Combining prefixes in SSE
I do not remember having seen any specification on what you should expect in the case of wildly combining random prefixes, so I guess CPU behaviour may be "undefined" and possibly CPU-specific. (Clearly, some things are specified in e.g. Intel's docs, but many cases aren't covered). And some combinations may be reserved for future use.

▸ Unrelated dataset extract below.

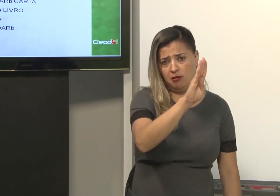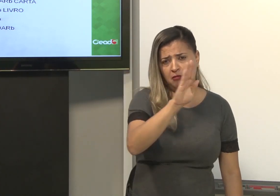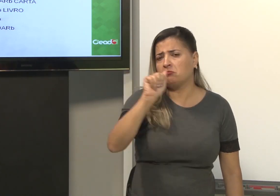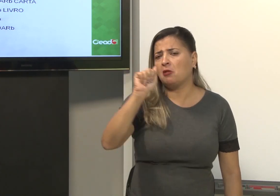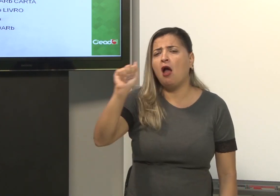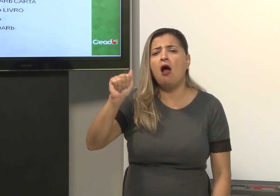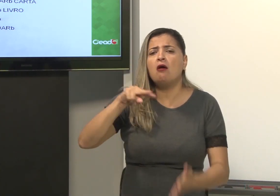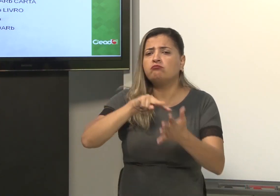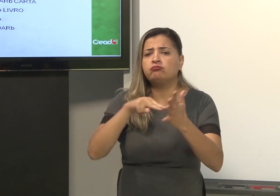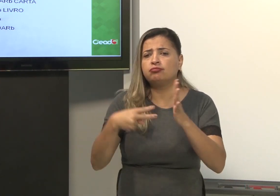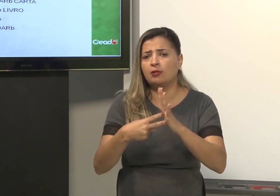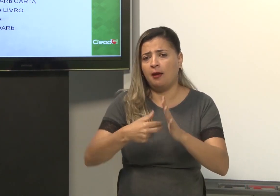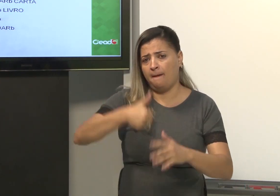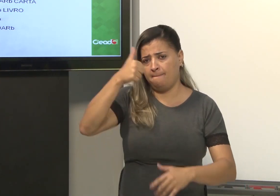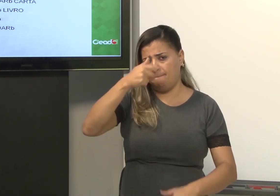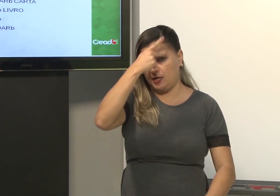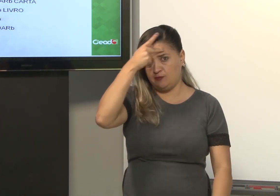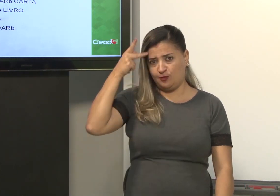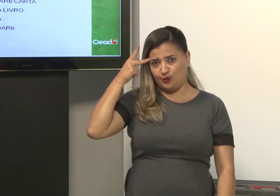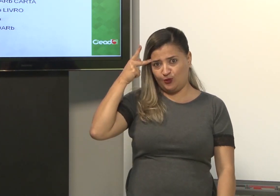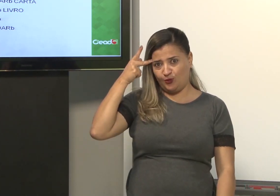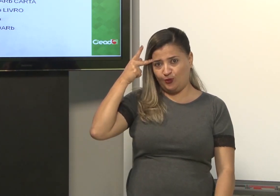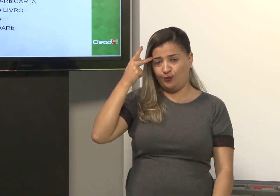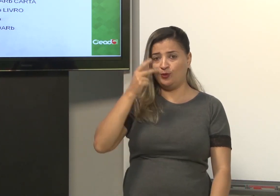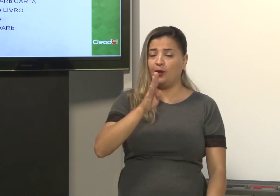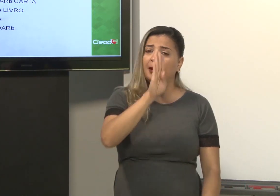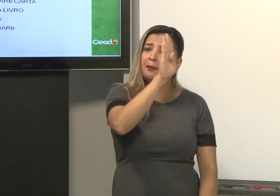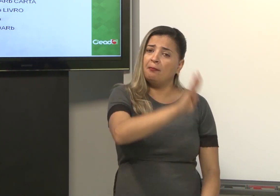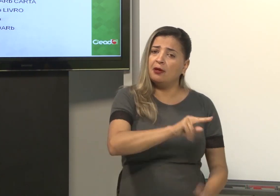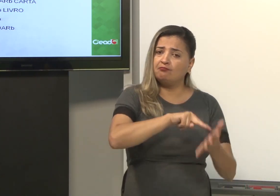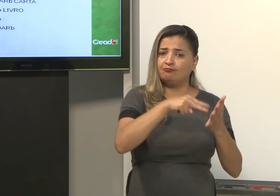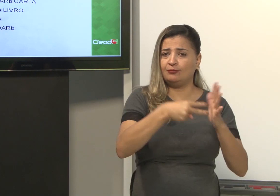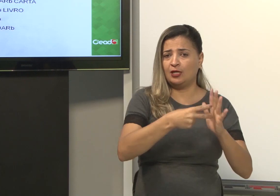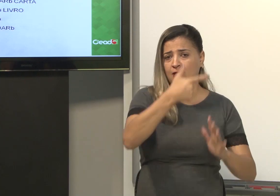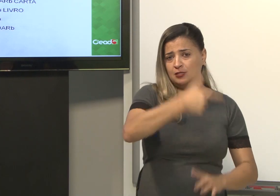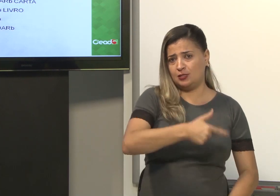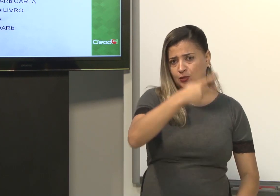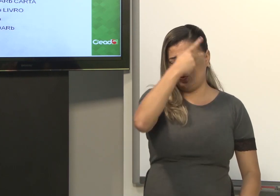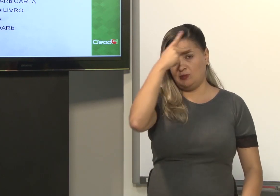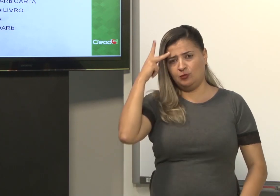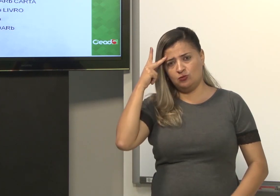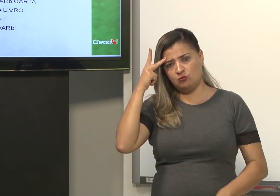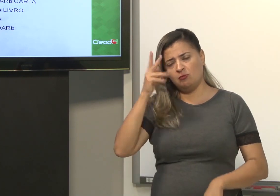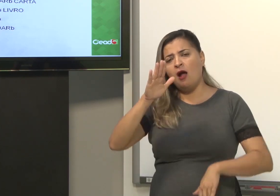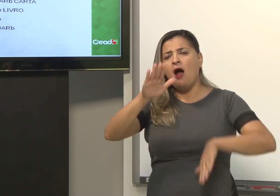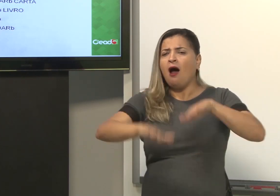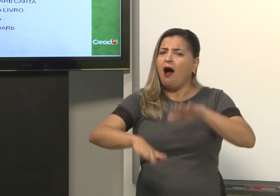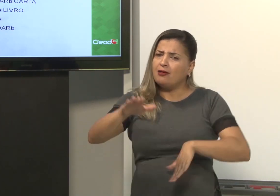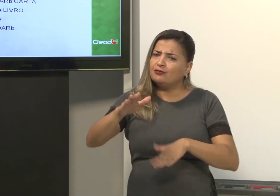Temos ali A e B. O que significa? A, primeira pessoa. B, segunda pessoa.
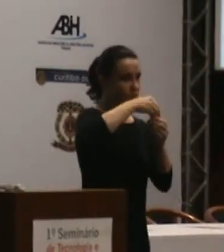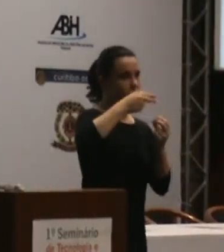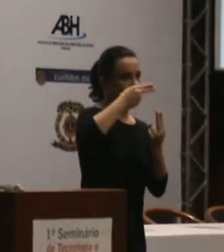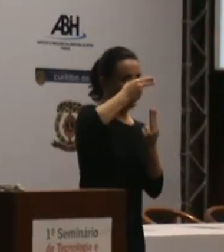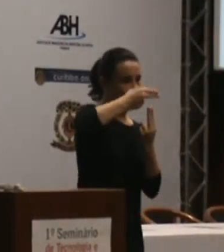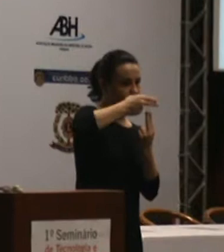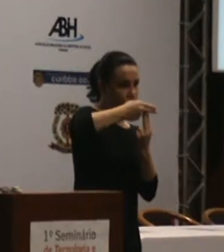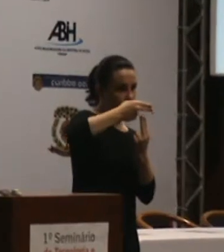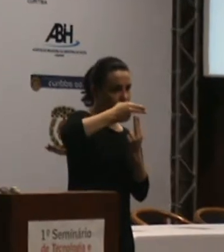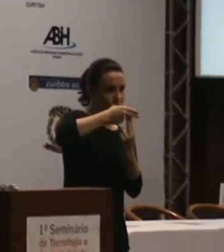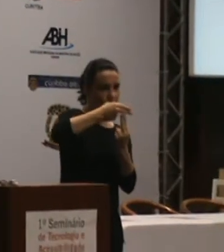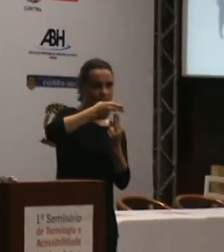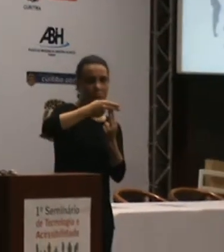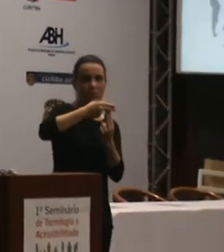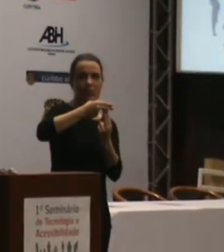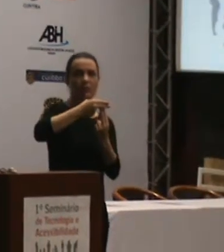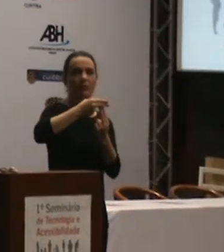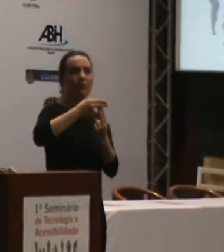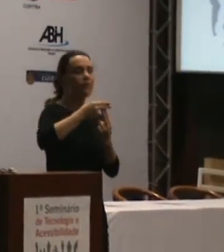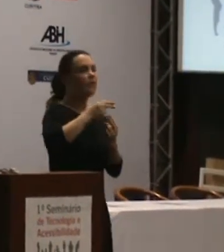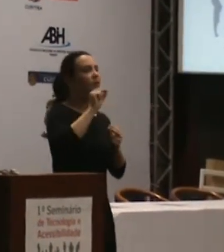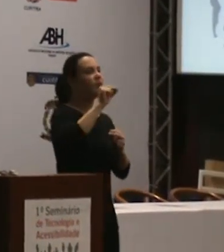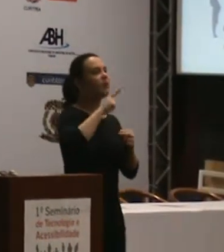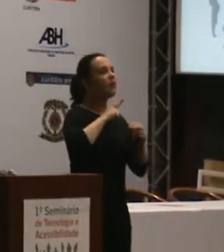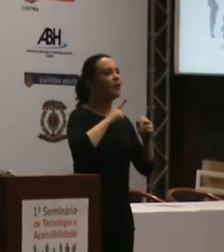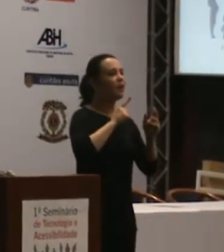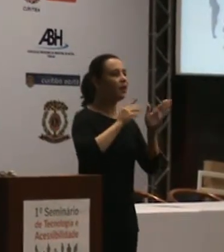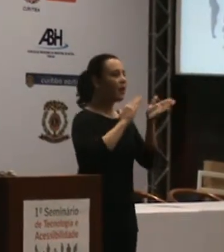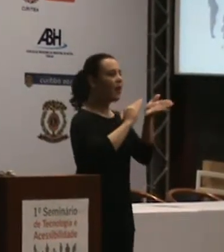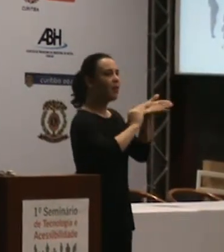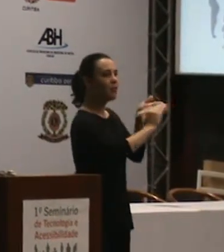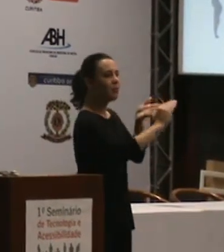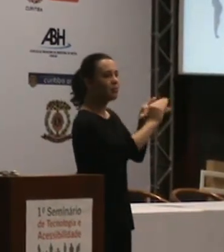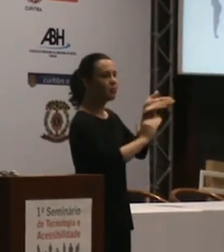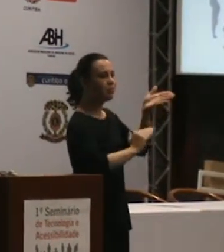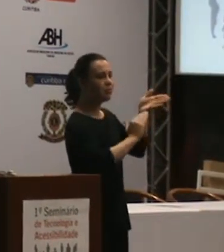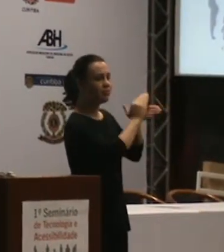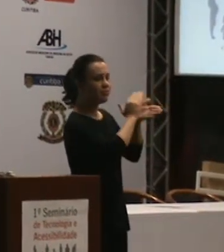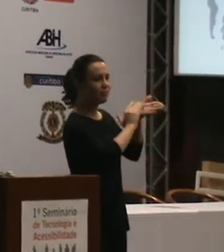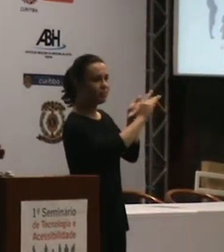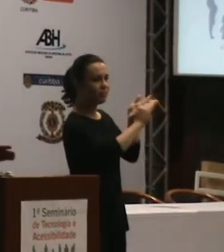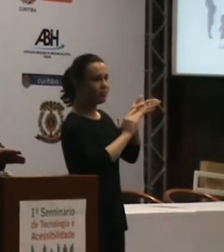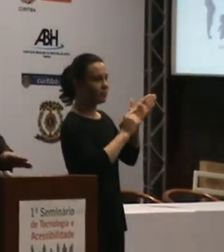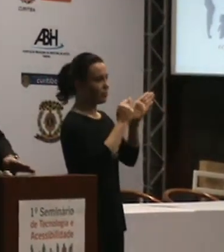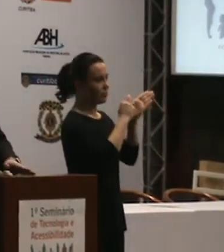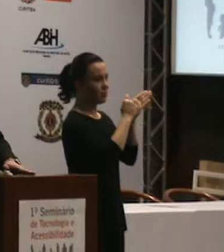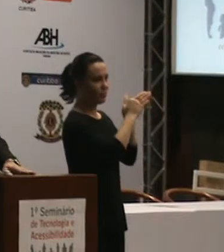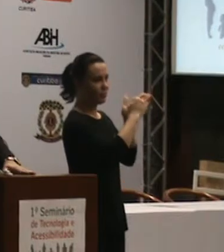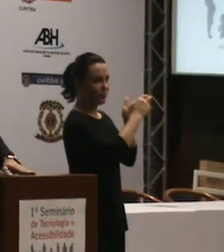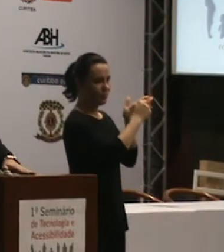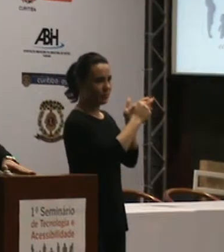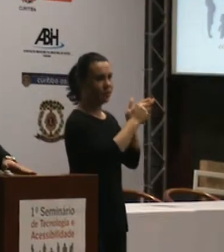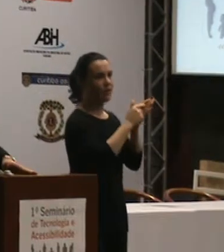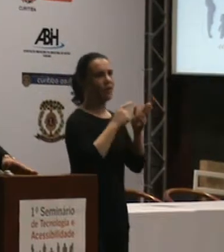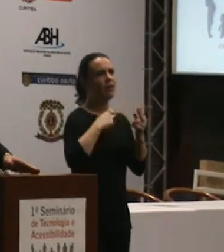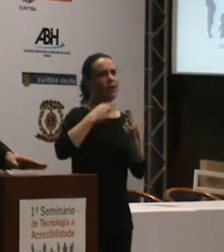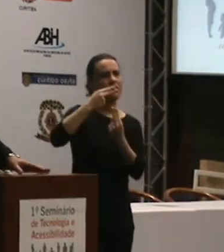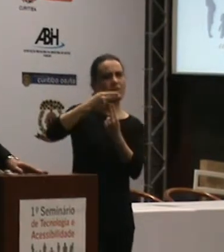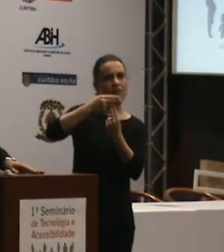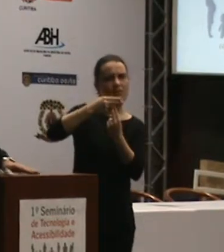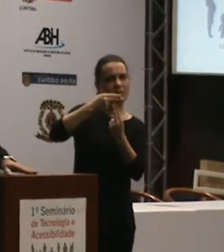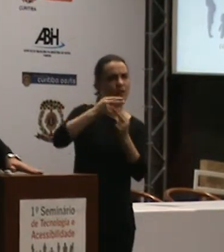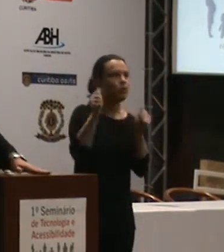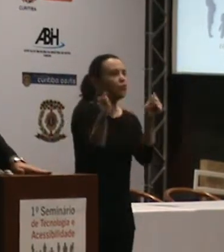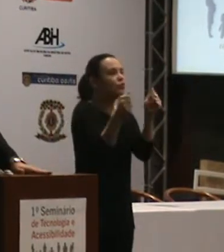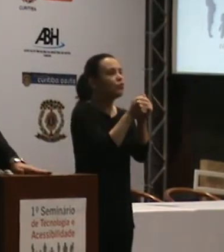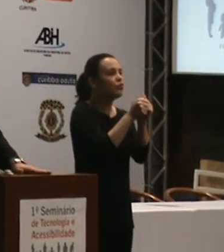ramo que tem uma plataforma de uma branca de comunicação, tem um trabalho que desenvolve o UTF-PR, o PUC,

My naive assumptions would generally have been that additional prefixes would be no-ops but there's no guarantee. That seems reasonable given that e.g. some optimising manuals recommend multi-byte NOP
(canonically 90h
) by prefixing with 66h
, e.g.:
db 66h, 90h; 2-byte NOP
db 66h, 66h, 90h; 3-byte NOP
db 66h, 66h, 66h, 90h; 4-byte NOP
However, I also know that CS
and DS
segment override prefixes have aquired novel functions as SSE2 branch hint prefixes (predict branch taken = 3Eh
= DS
override; predict branch not taken = 2Eh
= CS
override) when applied to conditional jump instructions.
Anyway, I looked at your examples above, always setting XMM1
to all 0
and XMM7
to all 0FFh
by
pxor xmm1, xmm1 ; xmm1 <- 0s
pcmpeqw xmm7, xmm7 ; xmm7 <- FFs
and then the code in question, with xmm1, xmm7
arguments. What I observed (32bit code on Win64 system and Intel T7300 Core 2 Duo) was:
1) no change observed for addsd
by adding 66h
prefix
db 66h
addsd xmm1, xmm7 ;total sequence = 66 F2 0F 58 CF
2) no change observed for addss
by adding 0F2h
prefix
db 0f2h
addss xmm1,xmm7 ;total sequence = F2 F3 0F 58 CF
3) However, I observed a change by prefixing addpd
by 0F2h
:
db 0f2h
addpd xmm1, xmm7 ;total sequence = F2 66 0F 58 CF
In this case, the result in XMM1 was 0000000000000000FFFFFFFFFFFFFFFFh
instead of FFFFFFFFFFFFFFFFFFFFFFFFFFFFFFFFh
.
So my conclusion is that one shouldn't make any assumptions and expect "undefined" behaviour. I wouldn't be surprised, however, if you could find some clues in Agner fog's manuals.